Dependency versions: No version constraints. Always installs latest compatible versions.
Risk: Breaking changes in dependencies may break MusicMetaLinker.
Deployment Environments
Library Deployment
Target environment: Python 3.8+ on any platform (Linux, macOS, Windows).
Installation:
pip install git+https://github.com/andreamust/MusicMetaLinker.git
Usage:
from musicmetalinker.linking import Align
linker = Align(artist="...", track="...")
mbid = linker.get_mbid()
No configuration required (except Spotify credentials for dataset preparation).
Batch Processing Deployment
Target environment: Python 3.8+ with file system access.
Installation: Same as library deployment.
Usage:
cd /path/to/MusicMetaLinker
python link_partitions.py /path/to/jams/files --save --limit audio --overwrite
Requirements:
- JAMS files in target directory
- Write permissions for output CSV and enriched JAMS files
- Network access for API queries
Optional: ffmpeg for audio conversion (if processing audio files directly).
Research Environment Deployment
Typical setup: Jupyter notebook or Python script in research project.
Installation:
pip install git+https://github.com/andreamust/MusicMetaLinker.git
Interactive testing:
Notebooks included in repository:
- deezer_test.ipynb: Test Deezer integration
- queries.ipynb: Test various query patterns
Usage:
# In Jupyter notebook
from musicmetalinker.linking import Align
linker = Align(...)
# Interactive exploration of results
Configuration Management
No Configuration Files
All configuration hardcoded in source files.
Hardcoded values:
- User-Agent: "elka/0.1" (in linking.py)
- Duration thresholds: 3s (Deezer), 5s (MusicBrainz)
- Similarity threshold: 0.8
- API endpoints: In library code
No config.ini, no config.yaml, no .env files.
Spotify Credentials
Only external configuration: mml_secrets.py for Spotify credentials.
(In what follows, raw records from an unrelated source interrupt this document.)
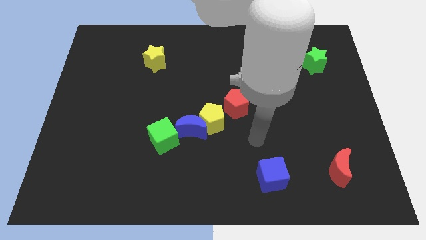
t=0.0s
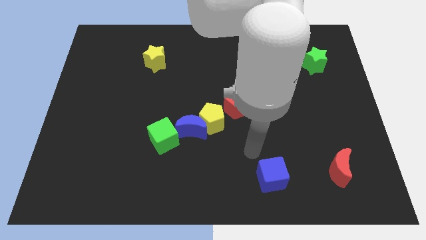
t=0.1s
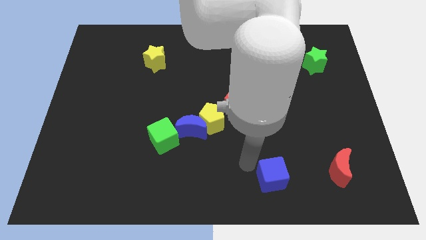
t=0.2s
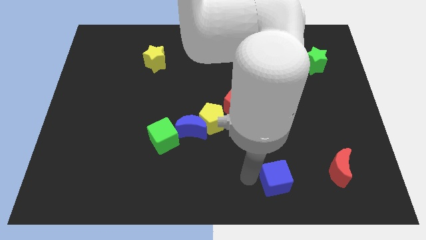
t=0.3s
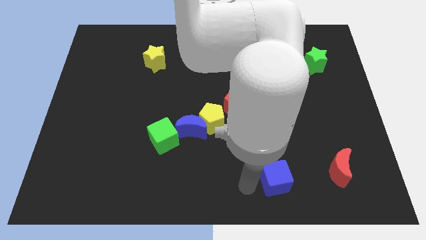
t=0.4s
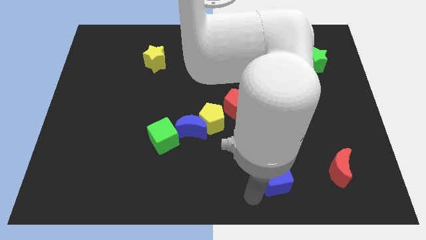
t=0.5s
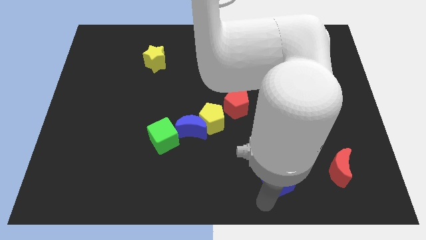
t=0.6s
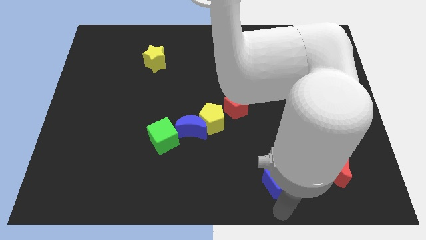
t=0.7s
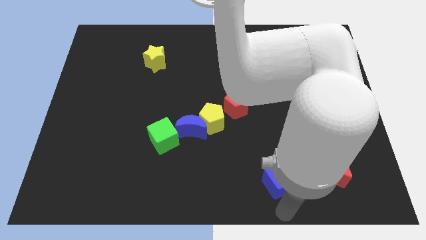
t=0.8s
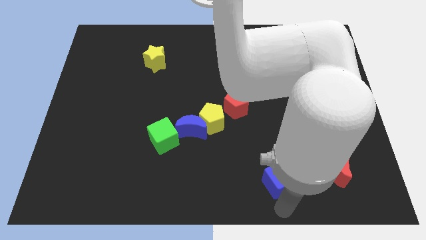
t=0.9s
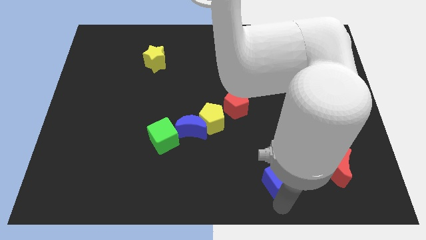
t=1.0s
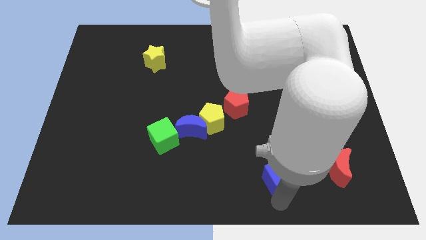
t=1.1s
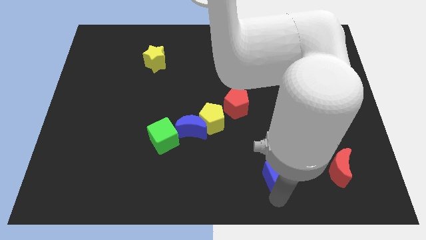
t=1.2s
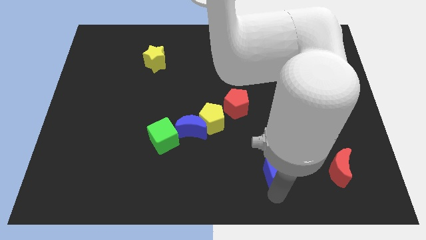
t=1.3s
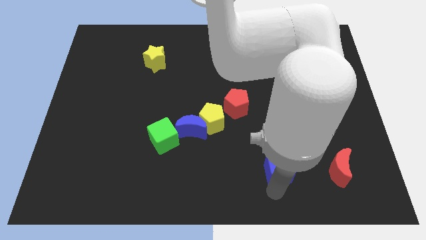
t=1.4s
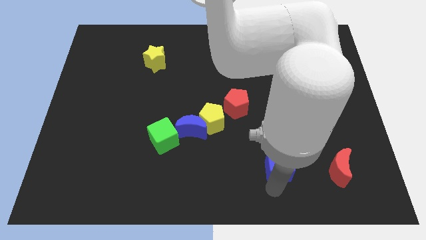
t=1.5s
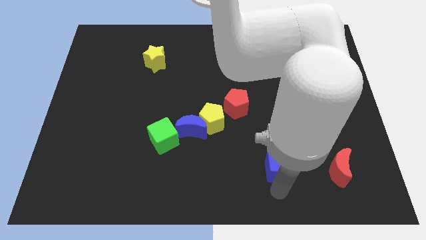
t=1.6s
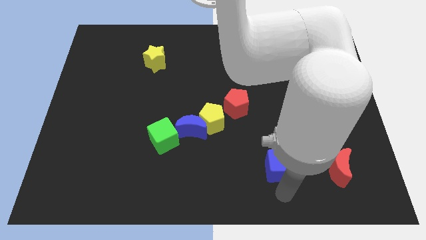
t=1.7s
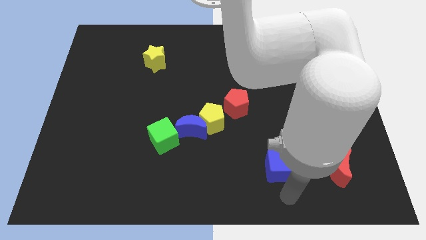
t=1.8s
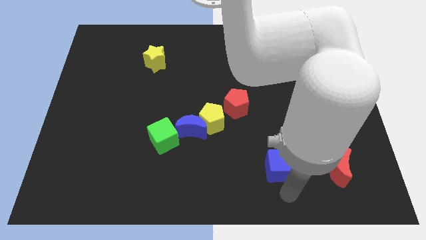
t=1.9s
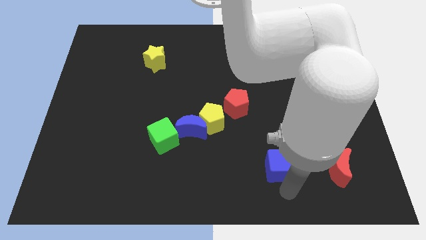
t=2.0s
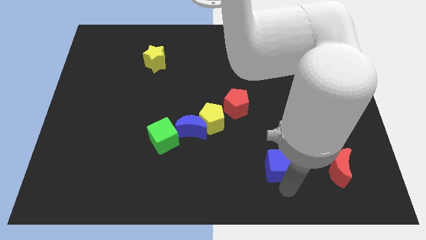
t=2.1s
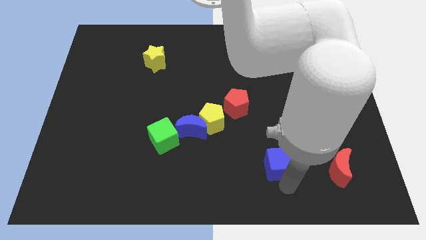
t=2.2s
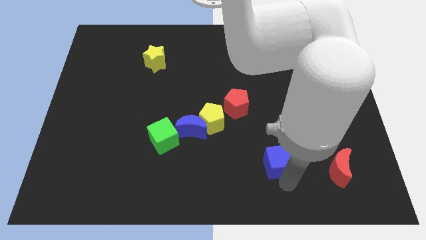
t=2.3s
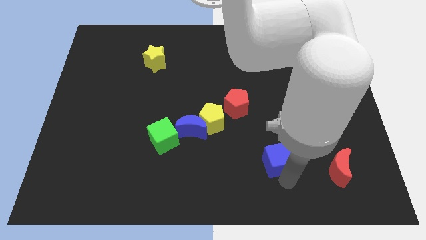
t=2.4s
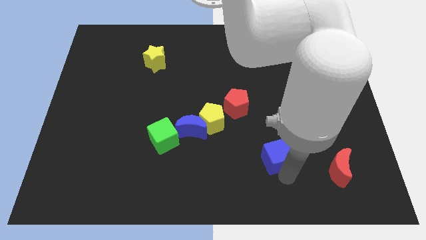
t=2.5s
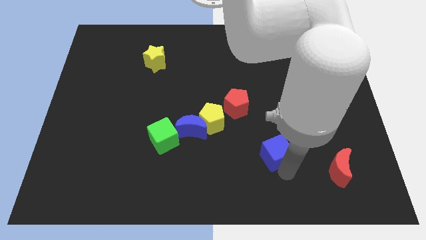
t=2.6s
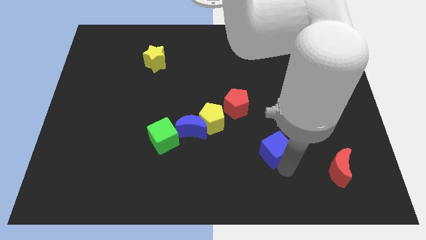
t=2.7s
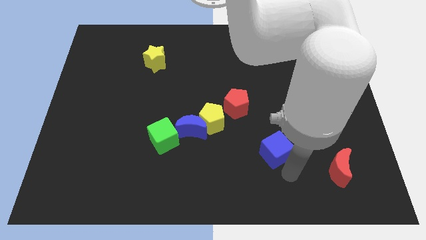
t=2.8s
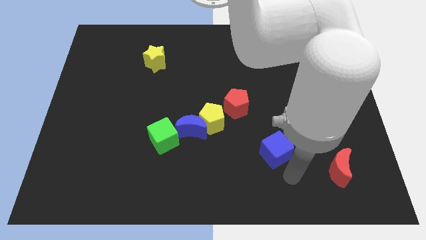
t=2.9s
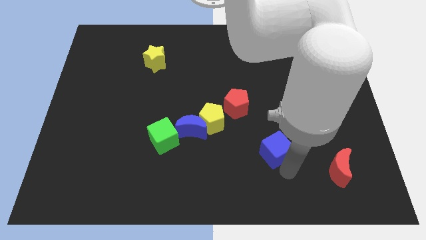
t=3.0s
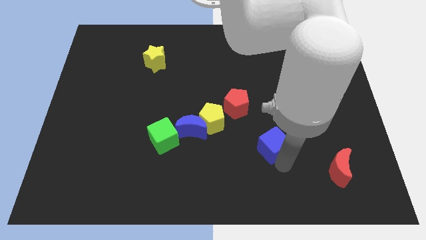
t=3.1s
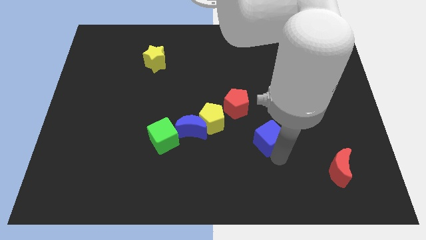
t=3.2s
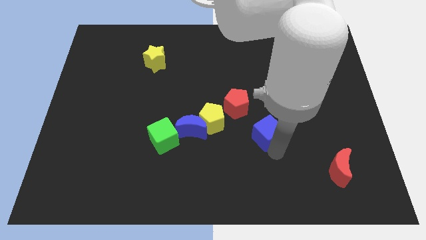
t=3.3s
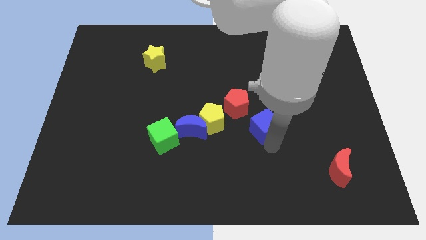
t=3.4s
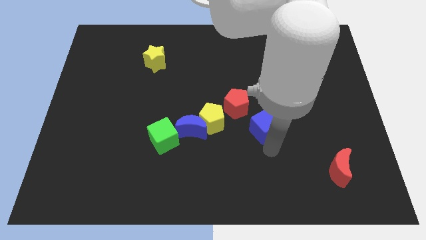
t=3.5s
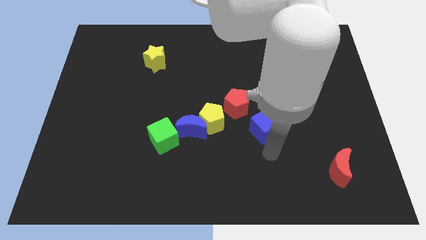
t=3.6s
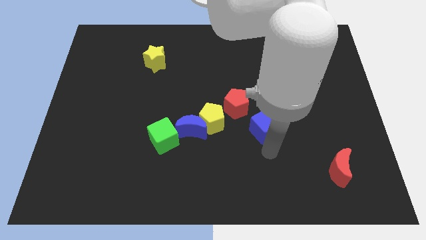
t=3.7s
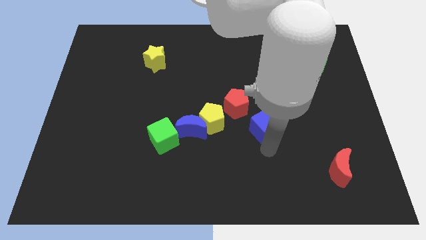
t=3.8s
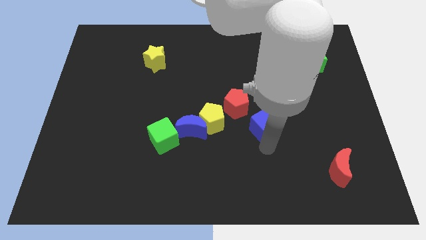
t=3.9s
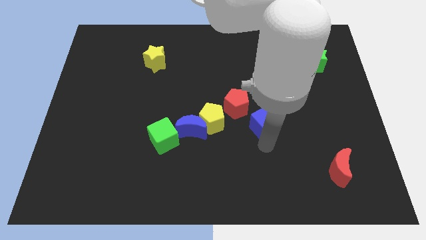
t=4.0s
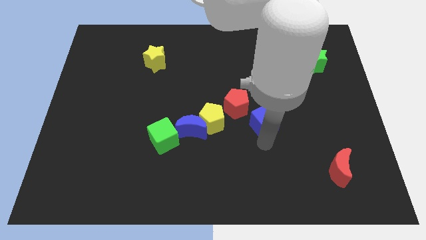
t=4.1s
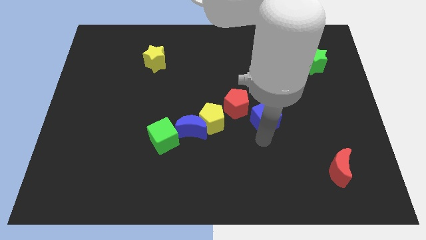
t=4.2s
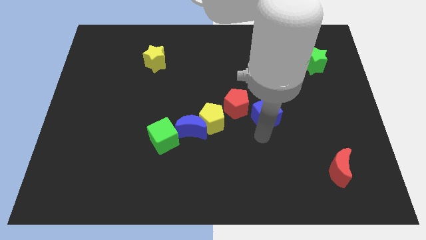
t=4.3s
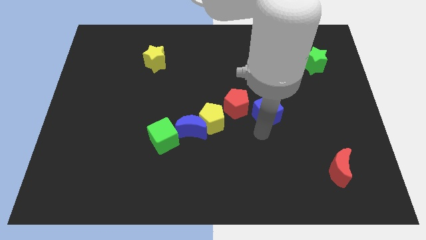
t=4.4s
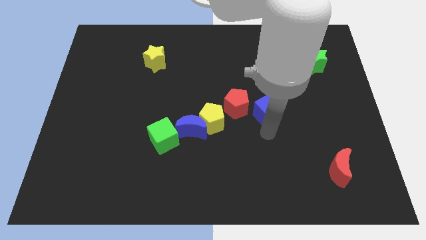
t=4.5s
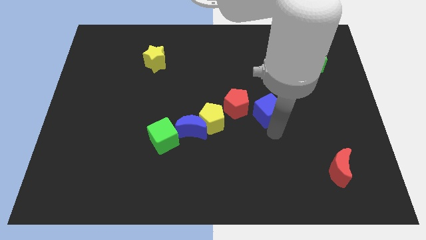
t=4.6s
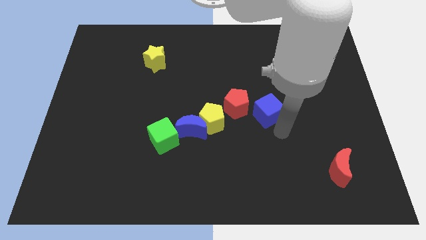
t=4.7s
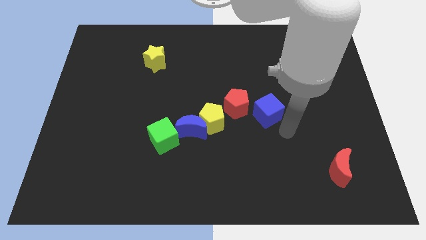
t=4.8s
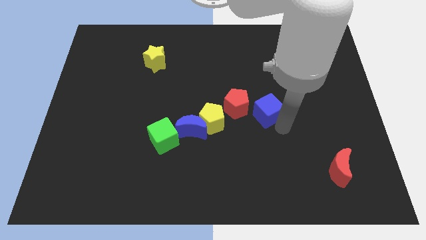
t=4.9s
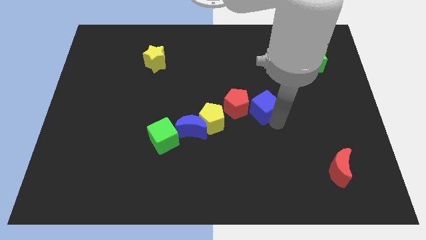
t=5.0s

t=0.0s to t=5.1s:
put the blue cube to the middle of the board

Location: Must be in Python path (typically same directory as scripts).
Structure:
# mml_secrets.py
SPOTIFY_CLIENT_ID = "your-client-id-here"
SPOTIFY_CLIENT_SECRET = "your-client-secret-here"
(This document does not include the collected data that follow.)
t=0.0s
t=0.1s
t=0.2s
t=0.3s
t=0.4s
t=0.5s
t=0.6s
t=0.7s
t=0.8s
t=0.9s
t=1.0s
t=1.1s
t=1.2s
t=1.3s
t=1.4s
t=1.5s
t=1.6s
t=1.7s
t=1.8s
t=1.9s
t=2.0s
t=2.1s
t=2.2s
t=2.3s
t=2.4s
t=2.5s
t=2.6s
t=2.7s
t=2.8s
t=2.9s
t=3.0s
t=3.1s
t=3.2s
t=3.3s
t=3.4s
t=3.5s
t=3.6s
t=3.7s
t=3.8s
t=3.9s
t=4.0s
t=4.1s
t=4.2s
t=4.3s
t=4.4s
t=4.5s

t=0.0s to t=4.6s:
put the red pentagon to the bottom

Not in repository: Users must create this file manually.
No documentation: No instructions for obtaining Spotify credentials.
Obtaining credentials:
- Register app at https://developer.spotify.com/dashboard
- Copy client ID and secret
- Create mml_secrets.py with credentials
Environment Variables
Not used: No environment variable configuration.
Recommendation: Use environment variables for credentials instead of mml_secrets.py.
import os
SPOTIFY_CLIENT_ID = os.getenv("SPOTIFY_CLIENT_ID")
SPOTIFY_CLIENT_SECRET = os.getenv("SPOTIFY_CLIENT_SECRET")
Runtime Requirements
Python Version
Minimum: Python 3.8
Tested on: Unknown (no CI/CD, no test matrix).
Likely compatible: Python 3.8, 3.9, 3.10, 3.11, 3.12
Type hints: Not used extensively. No runtime type checking.
System Dependencies
Required:
- Python 3.8+
- pip
- git (for installation)
- Network access (for API queries)
Optional:
- ffmpeg (for audio conversion in batch processing)
No database: No PostgreSQL, MySQL, MongoDB, etc.
No message queue: No RabbitMQ, Redis, Kafka, etc.
No web server: No nginx, Apache, etc.
Platform Support
Linux: Fully supported. Primary development platform (likely).
macOS: Fully supported. All dependencies available.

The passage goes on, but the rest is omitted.